__Work to complete__:
Lines with the word "fill" are the answer; copy each of them from the data below.

__Data supplied__:
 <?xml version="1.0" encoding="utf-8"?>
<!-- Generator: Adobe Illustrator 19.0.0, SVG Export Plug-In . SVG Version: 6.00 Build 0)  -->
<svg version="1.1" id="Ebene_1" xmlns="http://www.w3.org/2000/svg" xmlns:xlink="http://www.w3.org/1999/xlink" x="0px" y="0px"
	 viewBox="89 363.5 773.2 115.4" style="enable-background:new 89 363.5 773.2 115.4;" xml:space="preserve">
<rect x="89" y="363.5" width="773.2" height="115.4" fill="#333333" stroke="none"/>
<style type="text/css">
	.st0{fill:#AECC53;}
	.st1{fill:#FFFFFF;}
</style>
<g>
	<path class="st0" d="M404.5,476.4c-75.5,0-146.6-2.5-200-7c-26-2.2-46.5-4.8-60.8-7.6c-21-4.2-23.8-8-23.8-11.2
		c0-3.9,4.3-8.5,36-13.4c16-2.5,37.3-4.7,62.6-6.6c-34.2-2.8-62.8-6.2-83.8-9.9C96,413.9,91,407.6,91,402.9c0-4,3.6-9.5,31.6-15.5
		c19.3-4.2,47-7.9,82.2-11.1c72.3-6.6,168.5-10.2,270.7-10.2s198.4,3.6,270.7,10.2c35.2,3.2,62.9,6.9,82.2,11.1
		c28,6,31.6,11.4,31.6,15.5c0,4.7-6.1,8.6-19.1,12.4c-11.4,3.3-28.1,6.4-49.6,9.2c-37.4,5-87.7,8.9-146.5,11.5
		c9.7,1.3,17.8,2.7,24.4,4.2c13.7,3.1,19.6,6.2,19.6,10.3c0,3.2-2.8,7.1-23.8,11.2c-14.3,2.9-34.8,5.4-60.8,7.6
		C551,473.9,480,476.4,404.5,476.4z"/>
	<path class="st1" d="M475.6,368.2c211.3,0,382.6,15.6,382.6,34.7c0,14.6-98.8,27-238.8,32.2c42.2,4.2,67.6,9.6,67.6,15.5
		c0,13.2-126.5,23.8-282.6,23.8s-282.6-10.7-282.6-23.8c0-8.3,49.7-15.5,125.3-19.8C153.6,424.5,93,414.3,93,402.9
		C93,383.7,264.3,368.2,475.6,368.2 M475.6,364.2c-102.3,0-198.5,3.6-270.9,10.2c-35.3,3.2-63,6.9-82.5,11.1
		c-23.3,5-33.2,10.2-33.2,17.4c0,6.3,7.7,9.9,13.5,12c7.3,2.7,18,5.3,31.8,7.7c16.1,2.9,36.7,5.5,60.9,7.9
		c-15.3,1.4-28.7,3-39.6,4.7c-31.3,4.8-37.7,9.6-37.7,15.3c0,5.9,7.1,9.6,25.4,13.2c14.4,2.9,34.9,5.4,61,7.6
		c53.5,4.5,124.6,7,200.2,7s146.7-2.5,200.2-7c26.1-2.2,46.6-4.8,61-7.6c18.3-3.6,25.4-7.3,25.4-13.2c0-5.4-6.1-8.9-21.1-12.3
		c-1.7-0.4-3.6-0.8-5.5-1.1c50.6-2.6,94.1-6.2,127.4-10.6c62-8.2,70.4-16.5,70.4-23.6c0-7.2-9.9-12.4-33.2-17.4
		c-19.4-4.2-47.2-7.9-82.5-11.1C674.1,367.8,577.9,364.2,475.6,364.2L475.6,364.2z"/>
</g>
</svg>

__Answer section__:
<rect x="89" y="363.5" width="773.2" height="115.4" fill="#333333" stroke="none"/>
	.st0{fill:#AECC53;}
	.st1{fill:#FFFFFF;}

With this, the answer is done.